7時34分ホテルを出発。今日はイスラエル南端から再び死海まで戻り、その北端から西方の中央高地エルサレムまで一気に向かう予定である。
ほどなく、来た時とは違う道に入ると、やがてキブツ(農場)を過ぎたところに101休息所という場所が見えてくる。ここはエイラットから101kmの地点にあることからその名があるが、ちょうどヨルダン領に通じる険しい山間の道への分岐点になっており、昔から冒険者の溜まり場となっている由。
我々は通り過ぎただけだったが、上図の赤い山は、ヨルダンの山々がエジプト領のシナイ山と繋がっていた証拠であるとか。今でも年間数mmは動いているという。
次いで、イスラエル国内最大のワジ(涸川)といわれるパランに差しかかる。ここでは果物などを栽培するビニールハウスが沢山並んでいるが、季節になると毎年この作業のため、タイから500人ほど契約労働者が労働ビザで自炊用のお釜持参でやってくるそうな。かれらは暑さを苦にしないのでここの作業にはうってつけらしい。
そのほか、フィリッピンの女性も介護の仕事でやってくるという。
8時55分、エン・ヤハブというところで下車休憩。砂漠の真ん中にしては素朴ながらなかなか瀟洒な感じのする建物をもつドライブインで、ここではチョコレートやクッキーなどお土産に最適なお菓子類が安く売られており、皆、盛んに買い求めていた。私もその仲間入りして、クツキーを少々、衝動買い(?)した。
8時18分、再び死海に向けて出発、やがて冬は鉄砲水で橋まで壊されてしまうという大きな涸川を通過すると、そこは死海の南端近くで ”Dead Sea Works” と呼ばれる工場群が見えてくる。ここでは死海の水から多種のミネラルを精製し、欧米や日本に輸出しているとか。
死海は文字通り生物の存在を許さない死の海であるが、イスラエル国の経済面では大いに寄与していることになる。真っ白な塩の山が印象的であった。
10時ちょうど、死海西岸のソドムという一帯のとある場所で写真ストップ。そこには旧約聖書に出てくる「ロトの塩の妻」といわれる塩の柱が小高い岩山の上に立っている。
「ロトの塩の妻」の物語は概ねこうである。
旧約聖書のアブラハムの時代に人々は堕落し、神の怒りを買った。神の火で焼かれる寸前、ロトはノアの子孫に当たるため、ロトとその妻と二人の娘は神に許されて逃れた。しかし妻は「逃げる時は最後まで決して振り返ってはならない」という神の命令に背いて振り返ってしまったため、その瞬間に塩の柱になった。
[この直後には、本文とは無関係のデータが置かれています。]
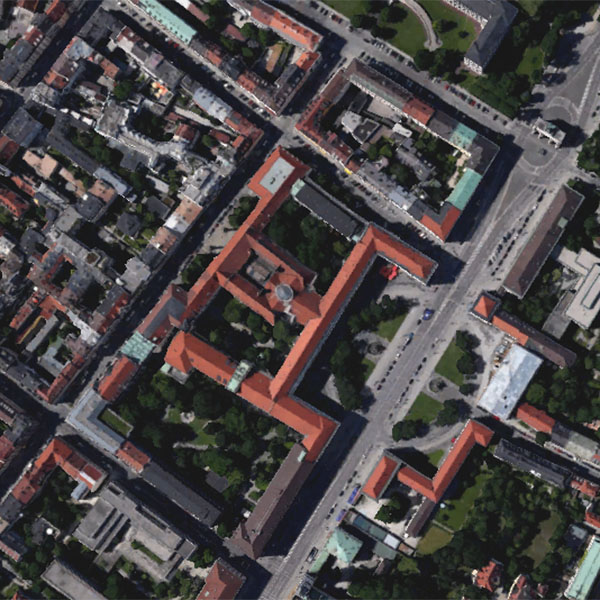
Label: School
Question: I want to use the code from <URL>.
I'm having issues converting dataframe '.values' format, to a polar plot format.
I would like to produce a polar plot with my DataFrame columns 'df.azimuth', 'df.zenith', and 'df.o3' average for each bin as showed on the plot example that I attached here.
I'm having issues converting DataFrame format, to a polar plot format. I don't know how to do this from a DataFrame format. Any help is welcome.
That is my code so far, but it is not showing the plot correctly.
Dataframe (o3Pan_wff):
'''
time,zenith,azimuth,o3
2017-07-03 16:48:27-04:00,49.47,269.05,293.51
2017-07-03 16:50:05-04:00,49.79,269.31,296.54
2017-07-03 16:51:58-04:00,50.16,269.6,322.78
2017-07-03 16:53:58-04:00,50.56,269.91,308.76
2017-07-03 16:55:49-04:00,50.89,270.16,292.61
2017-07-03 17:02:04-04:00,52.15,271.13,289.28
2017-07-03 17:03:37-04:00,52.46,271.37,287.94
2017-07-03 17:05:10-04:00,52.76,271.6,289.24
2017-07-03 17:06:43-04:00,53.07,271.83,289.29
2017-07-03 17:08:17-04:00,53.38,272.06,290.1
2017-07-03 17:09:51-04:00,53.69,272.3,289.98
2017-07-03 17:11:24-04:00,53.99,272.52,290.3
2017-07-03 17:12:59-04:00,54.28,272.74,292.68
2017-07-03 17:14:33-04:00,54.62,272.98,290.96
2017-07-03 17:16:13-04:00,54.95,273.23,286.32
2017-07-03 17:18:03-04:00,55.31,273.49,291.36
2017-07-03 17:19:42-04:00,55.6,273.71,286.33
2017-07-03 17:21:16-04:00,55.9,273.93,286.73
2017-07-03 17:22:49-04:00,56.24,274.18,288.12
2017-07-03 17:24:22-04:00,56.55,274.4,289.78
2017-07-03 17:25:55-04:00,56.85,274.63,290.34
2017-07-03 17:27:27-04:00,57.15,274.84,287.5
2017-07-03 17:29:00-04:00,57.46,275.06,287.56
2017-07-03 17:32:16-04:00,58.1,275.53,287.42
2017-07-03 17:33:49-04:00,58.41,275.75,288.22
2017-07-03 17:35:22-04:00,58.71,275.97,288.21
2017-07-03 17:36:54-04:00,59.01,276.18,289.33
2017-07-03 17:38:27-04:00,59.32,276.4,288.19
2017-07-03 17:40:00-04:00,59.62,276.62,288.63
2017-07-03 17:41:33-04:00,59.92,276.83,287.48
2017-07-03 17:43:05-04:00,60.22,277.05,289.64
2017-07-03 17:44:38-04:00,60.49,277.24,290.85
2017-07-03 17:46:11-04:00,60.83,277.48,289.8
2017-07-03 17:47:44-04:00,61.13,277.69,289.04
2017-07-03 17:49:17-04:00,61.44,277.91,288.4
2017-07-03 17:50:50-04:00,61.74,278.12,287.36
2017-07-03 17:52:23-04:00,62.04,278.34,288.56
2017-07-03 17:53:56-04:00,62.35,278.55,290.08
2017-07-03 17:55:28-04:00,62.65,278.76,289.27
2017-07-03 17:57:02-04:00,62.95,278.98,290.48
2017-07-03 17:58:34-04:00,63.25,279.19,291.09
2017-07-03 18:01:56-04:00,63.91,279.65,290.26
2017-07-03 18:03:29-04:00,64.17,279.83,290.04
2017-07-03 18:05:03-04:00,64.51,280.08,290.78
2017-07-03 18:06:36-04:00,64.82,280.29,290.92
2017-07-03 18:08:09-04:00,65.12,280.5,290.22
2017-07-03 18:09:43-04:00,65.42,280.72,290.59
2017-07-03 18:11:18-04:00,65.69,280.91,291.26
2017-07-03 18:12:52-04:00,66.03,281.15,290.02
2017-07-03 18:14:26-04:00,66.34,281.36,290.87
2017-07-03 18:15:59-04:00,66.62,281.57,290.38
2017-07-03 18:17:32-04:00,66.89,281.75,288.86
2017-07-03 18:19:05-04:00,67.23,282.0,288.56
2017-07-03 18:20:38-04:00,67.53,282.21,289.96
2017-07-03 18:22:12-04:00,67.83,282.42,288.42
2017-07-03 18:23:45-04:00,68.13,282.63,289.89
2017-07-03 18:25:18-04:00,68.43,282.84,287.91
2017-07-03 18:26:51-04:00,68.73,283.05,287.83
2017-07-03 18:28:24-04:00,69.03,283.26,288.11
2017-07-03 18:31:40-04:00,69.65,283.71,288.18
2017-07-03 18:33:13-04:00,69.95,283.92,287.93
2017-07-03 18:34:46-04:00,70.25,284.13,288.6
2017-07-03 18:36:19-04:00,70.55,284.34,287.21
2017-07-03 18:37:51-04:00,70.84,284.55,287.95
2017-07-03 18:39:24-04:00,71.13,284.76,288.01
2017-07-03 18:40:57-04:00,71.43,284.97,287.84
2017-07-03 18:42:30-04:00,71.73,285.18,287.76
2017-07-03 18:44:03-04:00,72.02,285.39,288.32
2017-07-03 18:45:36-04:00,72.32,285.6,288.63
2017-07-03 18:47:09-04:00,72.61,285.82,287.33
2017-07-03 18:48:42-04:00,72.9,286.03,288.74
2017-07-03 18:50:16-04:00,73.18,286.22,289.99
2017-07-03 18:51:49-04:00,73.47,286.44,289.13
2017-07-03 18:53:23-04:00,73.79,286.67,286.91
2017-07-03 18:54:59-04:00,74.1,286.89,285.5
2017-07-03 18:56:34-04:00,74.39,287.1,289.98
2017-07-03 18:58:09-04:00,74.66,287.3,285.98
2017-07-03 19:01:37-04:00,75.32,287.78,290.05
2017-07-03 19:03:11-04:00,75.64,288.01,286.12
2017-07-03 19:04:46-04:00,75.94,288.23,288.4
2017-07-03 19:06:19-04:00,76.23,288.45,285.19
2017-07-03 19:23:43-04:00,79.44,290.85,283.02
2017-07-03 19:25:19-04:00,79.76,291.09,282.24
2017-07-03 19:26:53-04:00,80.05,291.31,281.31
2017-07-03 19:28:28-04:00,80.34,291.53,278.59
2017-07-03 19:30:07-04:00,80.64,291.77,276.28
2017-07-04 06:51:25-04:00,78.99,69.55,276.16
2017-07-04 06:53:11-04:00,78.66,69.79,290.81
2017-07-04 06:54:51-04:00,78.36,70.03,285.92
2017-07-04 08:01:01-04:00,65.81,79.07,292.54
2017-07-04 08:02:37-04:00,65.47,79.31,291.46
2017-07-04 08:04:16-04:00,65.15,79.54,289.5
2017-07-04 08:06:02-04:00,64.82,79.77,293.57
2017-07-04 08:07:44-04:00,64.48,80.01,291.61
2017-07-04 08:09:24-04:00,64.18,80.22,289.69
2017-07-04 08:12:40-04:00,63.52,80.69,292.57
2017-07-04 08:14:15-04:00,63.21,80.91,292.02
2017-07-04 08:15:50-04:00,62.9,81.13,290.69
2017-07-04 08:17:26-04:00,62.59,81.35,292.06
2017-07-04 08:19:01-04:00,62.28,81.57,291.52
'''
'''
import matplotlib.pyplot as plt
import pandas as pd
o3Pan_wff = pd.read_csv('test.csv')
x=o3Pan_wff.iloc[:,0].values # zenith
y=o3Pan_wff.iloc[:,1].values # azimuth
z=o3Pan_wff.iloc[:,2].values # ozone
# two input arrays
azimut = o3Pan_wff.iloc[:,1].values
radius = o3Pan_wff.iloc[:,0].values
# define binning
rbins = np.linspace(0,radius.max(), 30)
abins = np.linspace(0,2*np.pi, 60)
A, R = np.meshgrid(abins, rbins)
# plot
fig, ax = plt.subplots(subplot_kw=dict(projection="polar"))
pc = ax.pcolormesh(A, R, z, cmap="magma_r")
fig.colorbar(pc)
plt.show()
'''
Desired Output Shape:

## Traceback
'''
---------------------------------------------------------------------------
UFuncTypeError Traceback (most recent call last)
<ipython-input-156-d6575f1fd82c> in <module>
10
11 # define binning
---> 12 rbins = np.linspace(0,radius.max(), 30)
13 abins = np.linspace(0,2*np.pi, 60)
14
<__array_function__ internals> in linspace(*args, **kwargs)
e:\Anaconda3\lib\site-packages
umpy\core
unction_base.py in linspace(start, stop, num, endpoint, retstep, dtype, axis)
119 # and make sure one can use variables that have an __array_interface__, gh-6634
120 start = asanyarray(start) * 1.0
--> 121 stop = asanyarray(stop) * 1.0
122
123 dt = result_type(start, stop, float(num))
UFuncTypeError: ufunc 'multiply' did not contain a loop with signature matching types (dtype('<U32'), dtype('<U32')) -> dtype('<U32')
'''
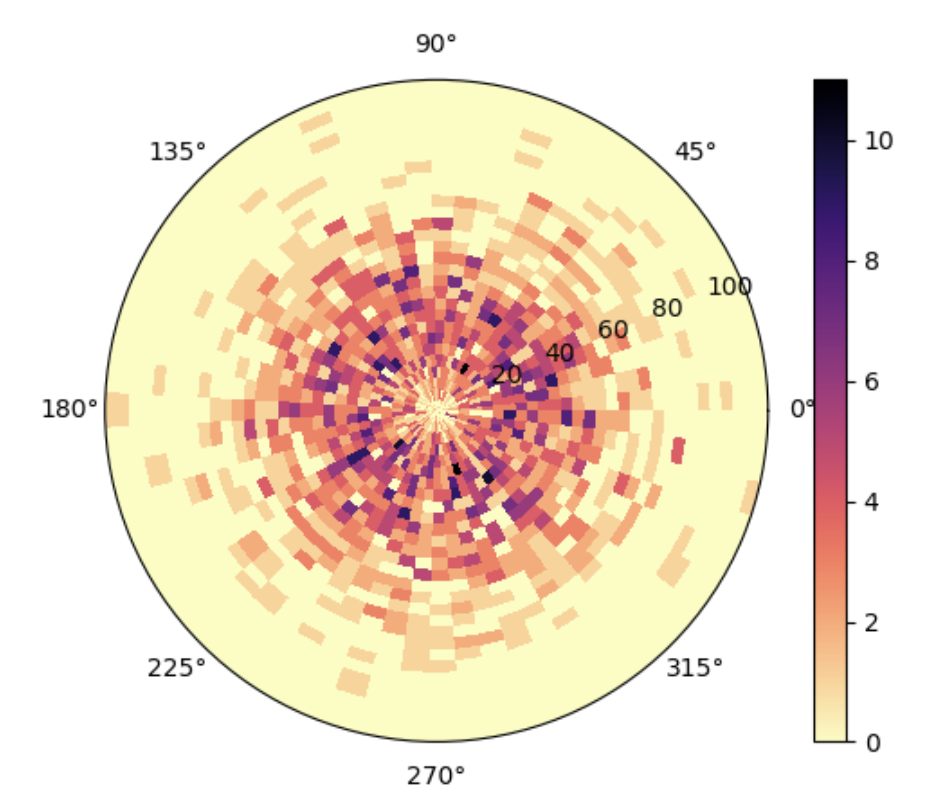
Answer: - -
1. x, y, and z are the incorrect columns. .iloc[:,0] is the time column .iloc[:,1] is the zenith column .iloc[:,2] is the aximuth column UFuncTypeError occurs because radius is the 'time' column of the dataframe.
2. azimuth should be in radians, according to the cited sample code.
- 'zenith''density'- 'o3''weight'- 'o3''density=True''np.histogram2d()'- '.values'
'''
import pandas as pd
import numpy as np
import matplotlib.pyplot as plt
# read data
df = pd.read_csv('test.csv')
# set time as datatime
df.time = pd.to_datetime(df.time, utc=True)
# convert azimuth and zenith to radians
df[['azimuth', 'zenith']] = df[['azimuth', 'zenith']].apply(np.radians)
| | time | zenith | azimuth | o3 |
|---:|:--------------------------|---------:|----------:|-------:|
| 0 | 2017-07-03 20:48:27+00:00 | 0.863414 | 4.69581 | 293.51 |
| 1 | 2017-07-03 20:50:05+00:00 | 0.868999 | 4.70035 | 296.54 |
| 2 | 2017-07-03 20:51:58+00:00 | 0.875457 | 4.70541 | 322.78 |
# define binning
rbins = np.linspace(0, df.zenith.max(), 30)
abins = np.linspace(0, 2*np.pi, 60)
# calculate histogram
hist, _, _ = np.histogram2d(df.azimuth, df.zenith, density=True, weights=df.o3, bins=(abins, rbins))
A, R = np.meshgrid(abins, rbins)
# plot
fig, ax = plt.subplots(subplot_kw=dict(projection="polar"), figsize=(7, 7))
pc = ax.pcolormesh(A, R, hist.T, cmap="magma_r")
fig.colorbar(pc)
plt.grid()
plt.show()
'''
<URL>
## Polar plot with the average
- - - - 'RuntimeWarning: invalid value encountered in true_divide''0/0''NaN'
'''
hist, _, _ = np.histogram2d(df.azimuth, df.zenith, bins=(abins, rbins), weights=df.o3)
hist2, _, _ = np.histogram2d(df.azimuth, df.zenith, bins=(abins, rbins))
avg_hist = hist / hist2
A, R = np.meshgrid(abins, rbins)
# plot
fig, ax = plt.subplots(subplot_kw=dict(projection="polar"), figsize=(7, 7))
'''
<URL>

単なる「塩の海」を「死海」と呼ぶのも、このような経緯からかもしれない。この辺り、数億年前にできたという岩塩の岩が多くあり、ちょっとだけ舐めてみたが、食塩と異なり、とても苦いものであった。
ソドムを後に更に死海沿いに北上し、昨日の宿泊地エン・ボケツクを通過、昨日来た道を逆にたどり、死海北端で左の道に折れ、北の彼方にパレスチナ自治区のエリコの町を臨むアルモッブのドライブインで下車休憩。時が時なら、この辺りは緊張が高まり、とても観光どころではないのであろうが、このときは、パレスチナとの関係が一時的小康状態にあり、ここまで近寄れたのは幸いであった。本音は、エリコの町も見てみたかったが、さすがにそこまで望むのは現段階では無理というものであろう。一応カメラは向けてみたものの、霞んで撮れただけであった。(右写真)
更に西に向かって進路をとり、昔から数多の盗賊が出没したという峠を越え、かつてサマリア人が住んでいたといわれる丘を登りきると、いよいよ目的地のエルサレムの街並みが眼下に開けてきた。